Subsidiaries; Investments .
(a) Section 5.9(a)
of the Company Disclosure Schedule sets forth (i) the name of
each Subsidiary of the Company, (ii) the jurisdiction of
incorporation or formation of each such Subsidiary, (iii) the
authorized, issued and outstanding capital stock or other Equity
Interests in each such Subsidiary and (iv) the names and
addresses of the stockholders, equity holders or other holders of
Equity Interests in each such Subsidiary and the class and number
of Equity Interests held by each such holder. Section 5.9(a)
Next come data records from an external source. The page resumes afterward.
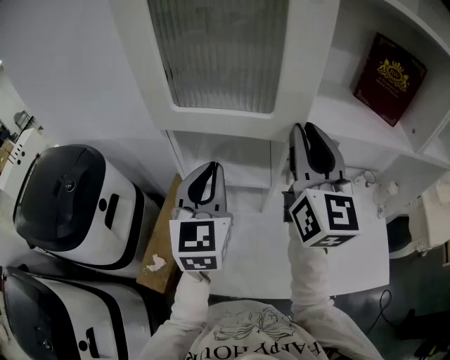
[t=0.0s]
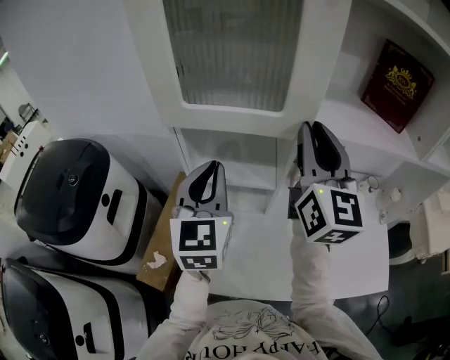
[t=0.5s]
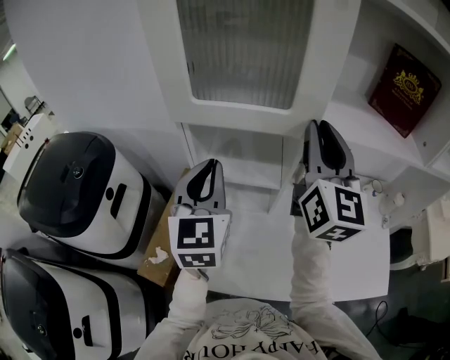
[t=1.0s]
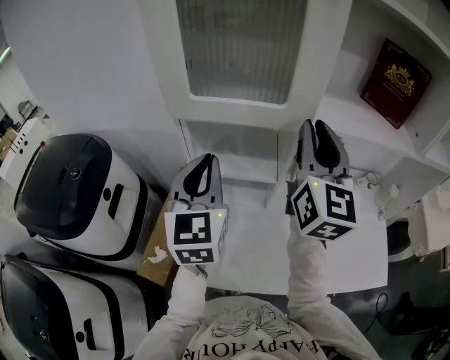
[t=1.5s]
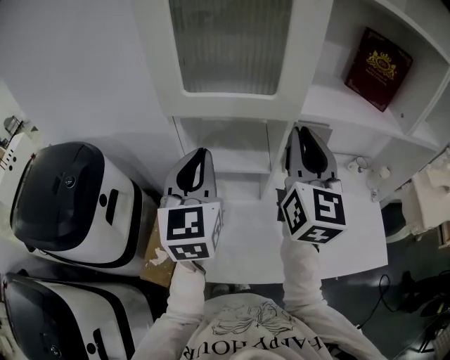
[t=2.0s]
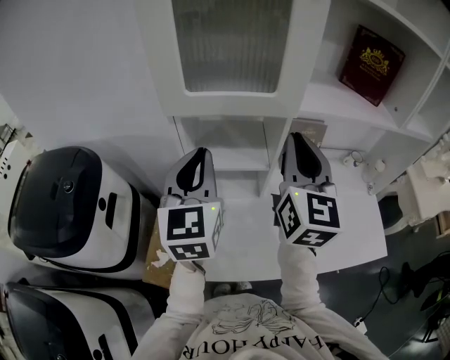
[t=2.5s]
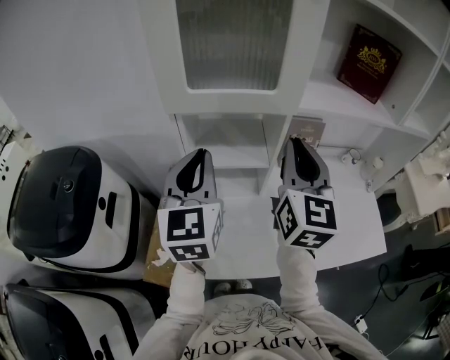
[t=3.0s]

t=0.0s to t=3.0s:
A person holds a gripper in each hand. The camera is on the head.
t=0.0s to t=1.5s: The grippers move only a little.
t=1.5s to t=3.0s: The right gripper travels backward by some 5 cm.

also sets forth each joint venture, teaming or similar arrangement
that gives rise to a sharing of profits and expenses with respect
to one or more projects between the Company or any of its
Subsidiaries on the one hand and any Third Party on the other that
is not set forth on such schedule pursuant to the immediately
preceding sentence because such joint venture or other arrangement
does not constitute a Subsidiary of the Company (“ Other
Joint Venture Arrangement ”) in respect of which the
Company or any of its Subsidiaries has an obligation to make, or
has made since April 1, 2005, any equity or debt investment,
or any loans, advances or capital contributions, in excess of
$100,000. Except as set forth in Section 5.9(a) of the Company
Disclosure Schedule, the Company does not own, directly or
indirectly, or have voting rights with respect to, any capital
stock or other Equity Interests in any corporation, partnership or
other Person.
(b) Each
Subsidiary of the Company that is organized as a corporation is
duly incorporated, validly existing and in good standing under the
laws of the jurisdiction of its incorporation and has all requisite
corporate power and authority to own, lease and operate its
properties and to carry on its businesses as presently conducted.
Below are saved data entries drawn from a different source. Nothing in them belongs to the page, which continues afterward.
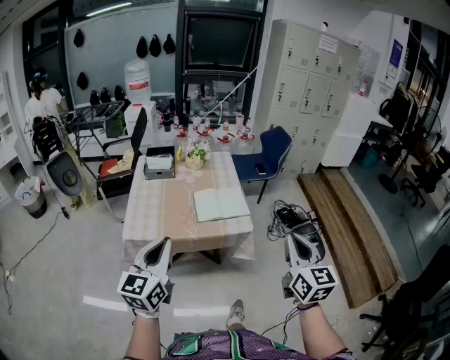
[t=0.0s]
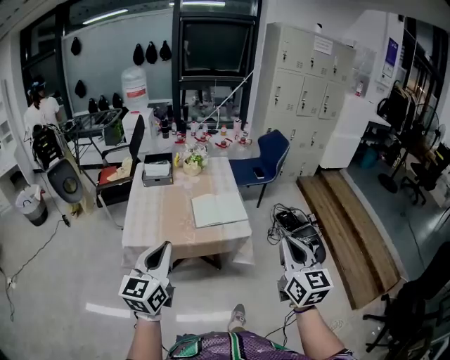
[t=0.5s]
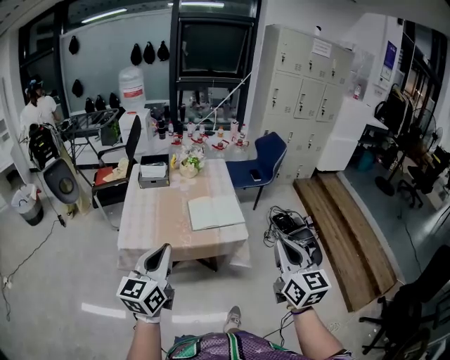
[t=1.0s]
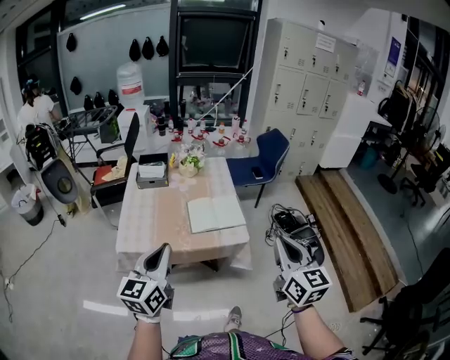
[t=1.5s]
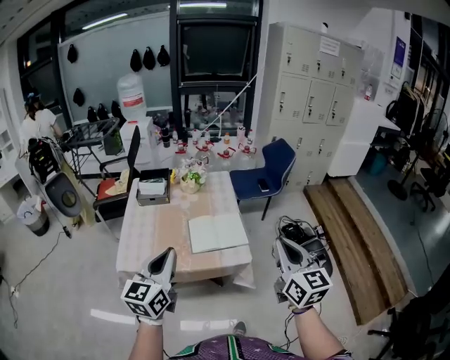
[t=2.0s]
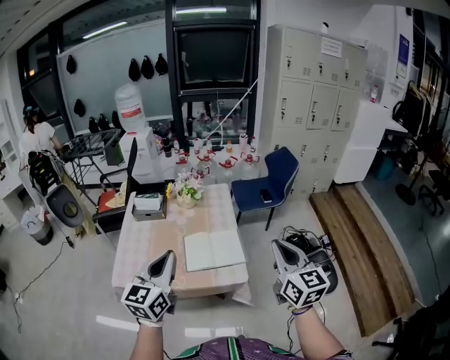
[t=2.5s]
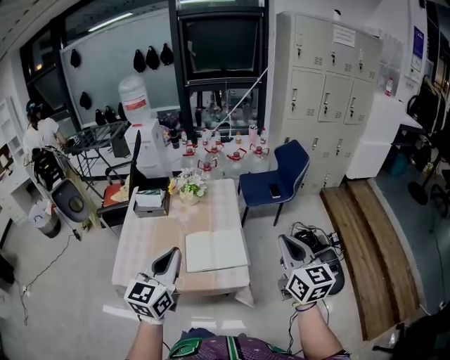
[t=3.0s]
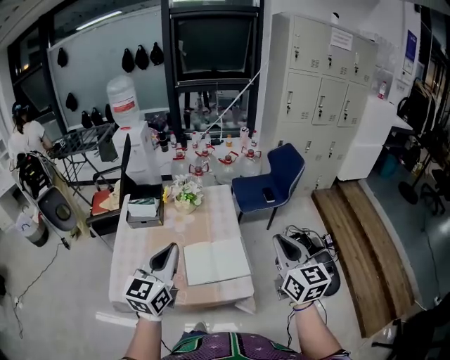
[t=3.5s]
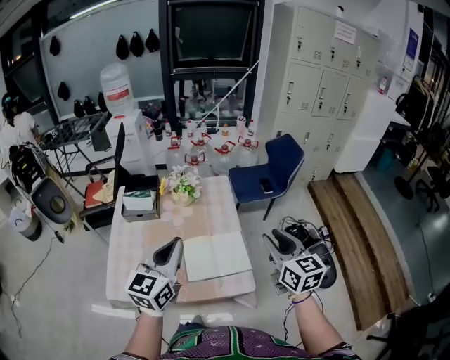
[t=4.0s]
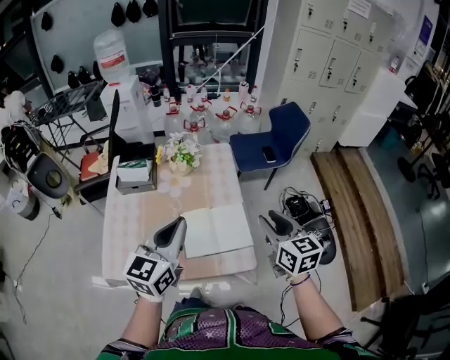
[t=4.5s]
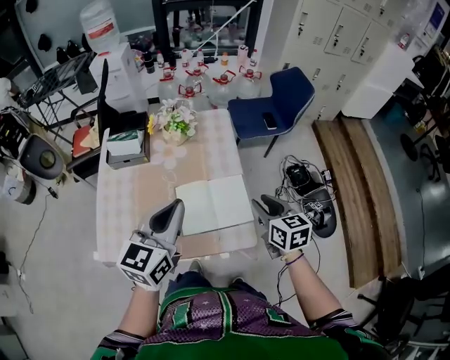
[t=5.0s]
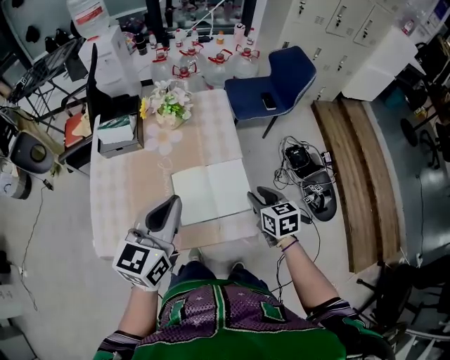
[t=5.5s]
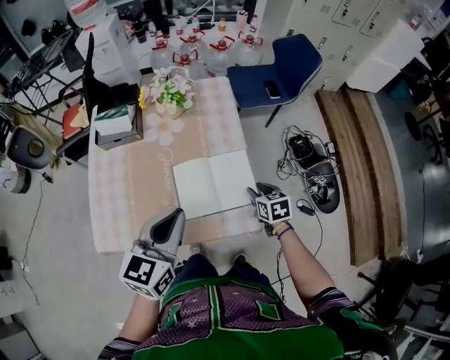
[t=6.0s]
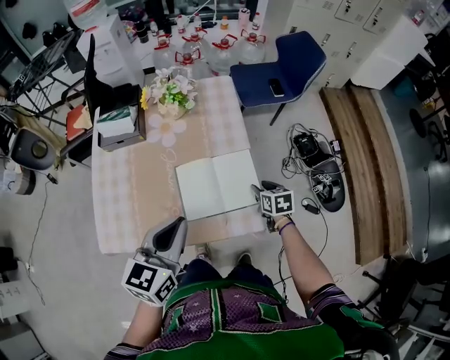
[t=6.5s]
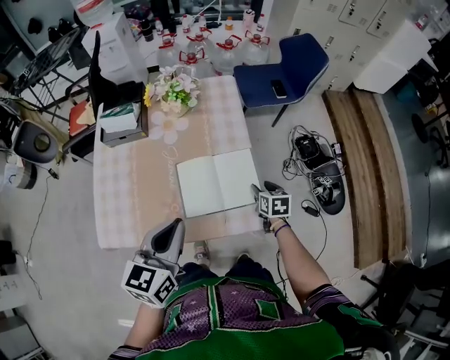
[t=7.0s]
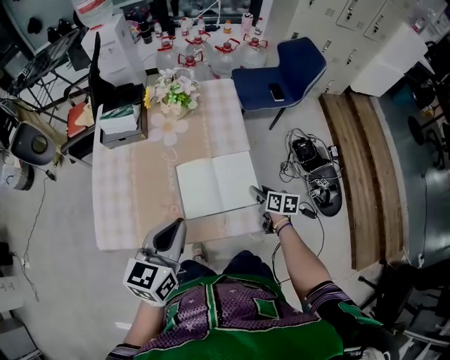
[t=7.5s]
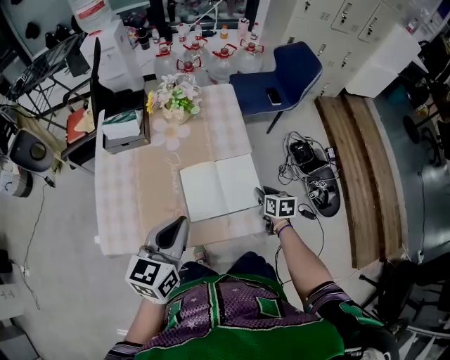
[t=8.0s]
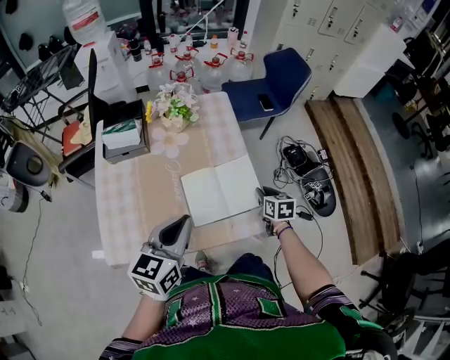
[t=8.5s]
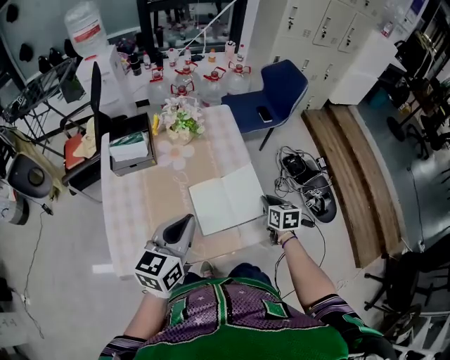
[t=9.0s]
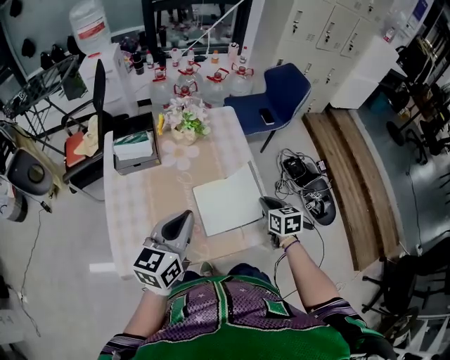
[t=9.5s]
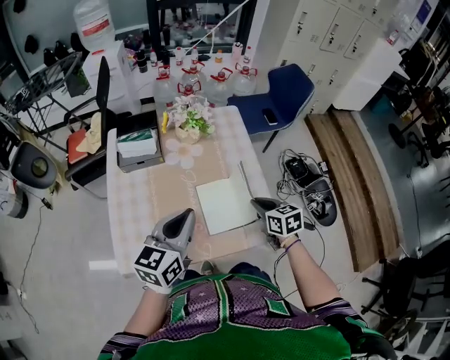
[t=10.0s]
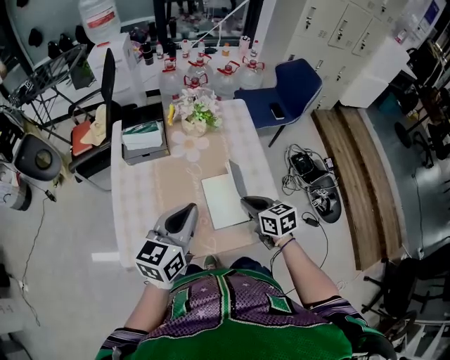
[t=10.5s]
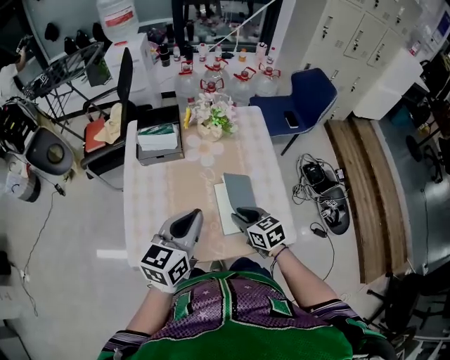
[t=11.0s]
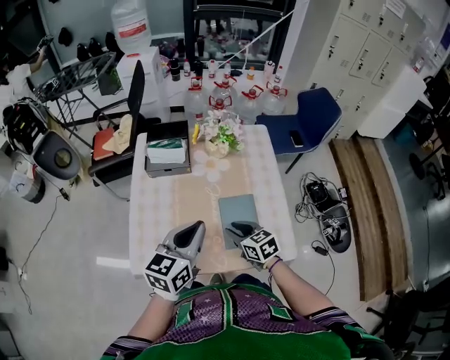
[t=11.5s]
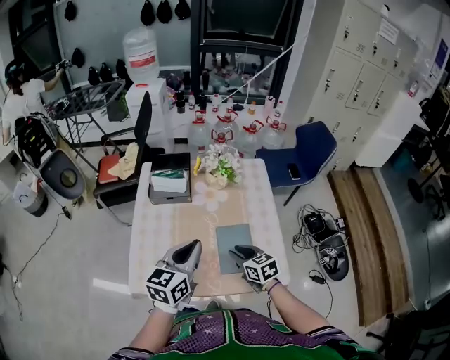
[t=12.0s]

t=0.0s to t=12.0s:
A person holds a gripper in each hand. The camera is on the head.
t=0.0s to t=2.0s: The grippers both shift forward by about 15 cm.
t=2.0s to t=4.0s: The two grippers go roughly 25 cm forward. The right gripper opens up.
t=4.0s to t=6.0s: The left gripper shifts some 15 cm downward. Meanwhile the right gripper is displaced downward by roughly 35 cm, and tips its fingers downward by some 40 degrees.
t=8.0s to t=10.0s: The left gripper goes some 10 cm to the left. Meanwhile the right gripper moves upward and to the left, about 15 cm.
t=10.0s to t=12.0s: The right gripper goes about 15 cm to the left.

Each Subsidiary of the Company that is organized as a limited
partnership or a limited liability company is duly formed, validly
existing and (if applicable under the law of its jurisdiction of
formation) in good standing under the laws of the jurisdiction of
its formation and has all requisite partnership or limited
liability company power and authority to own, lease and operate its
properties and to carry on its businesses as presently conducted.
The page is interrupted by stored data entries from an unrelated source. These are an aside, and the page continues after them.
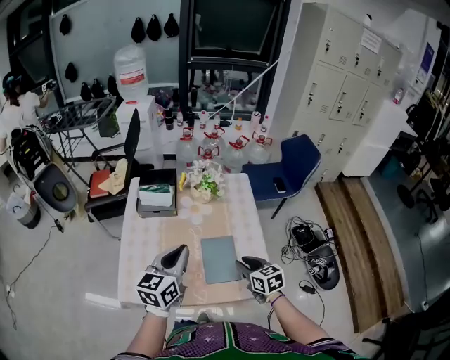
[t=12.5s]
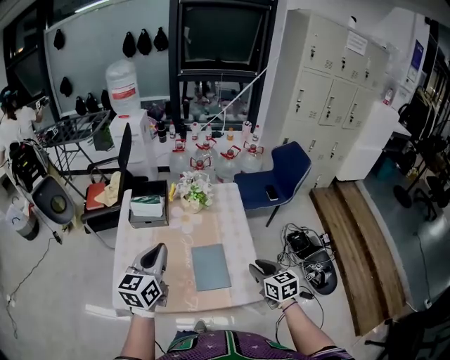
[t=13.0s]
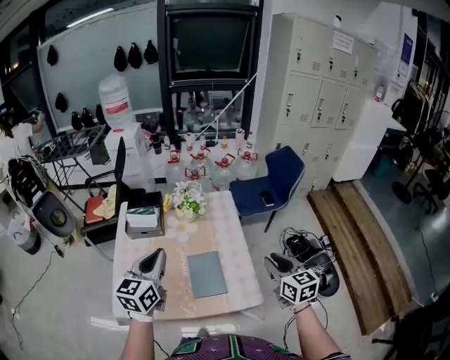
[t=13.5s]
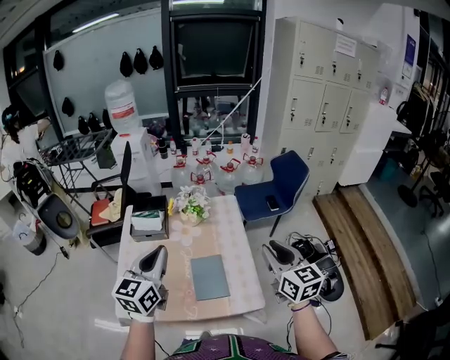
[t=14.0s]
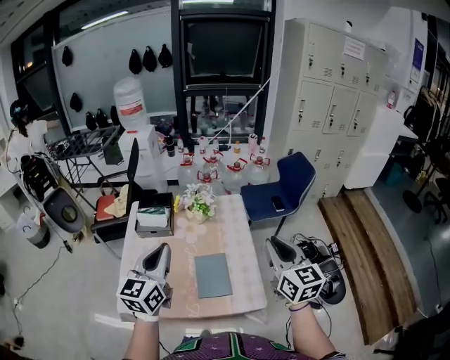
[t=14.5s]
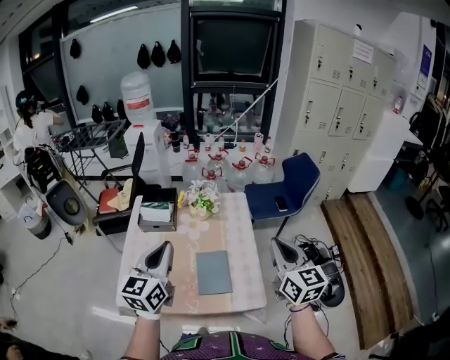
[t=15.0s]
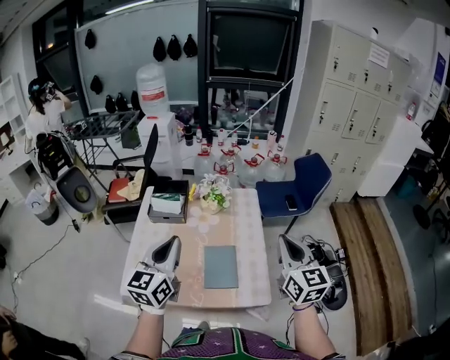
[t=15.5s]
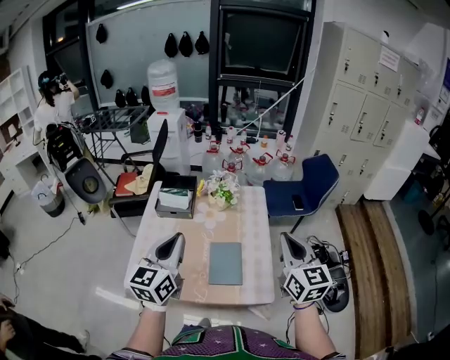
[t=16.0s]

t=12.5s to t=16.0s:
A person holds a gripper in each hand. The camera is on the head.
t=12.5s to t=14.5s: The right gripper shifts roughly 30 cm upward and to the right, and turns by roughly 30 degrees; the left gripper travels upward by some 10 cm.
t=14.5s to t=16.0s: The grippers stay close to where they were, moving slightly.

Each Subsidiary of the Company is duly qualified to transact
business as a foreign corporation, limited partnership or limited
liability company (as the case may be) and is in good standing in
each jurisdiction in which the nature of its activities or the
character of the properties that it owns, leases or operates makes
such qualification necessary, except where the failure to be so
qualified or in good standing would not reasonably be expected to
have a Division MAE. The Company has furnished or made available to
the Purchaser correct and complete copies of the Organizational
Documents of each Subsidiary.
(c) All of
the issued and outstanding Equity Interests in each Subsidiary of
the Company (i) have been duly authorized, (ii) are validly
issued, (iii) are (in the case of shares of capital stock)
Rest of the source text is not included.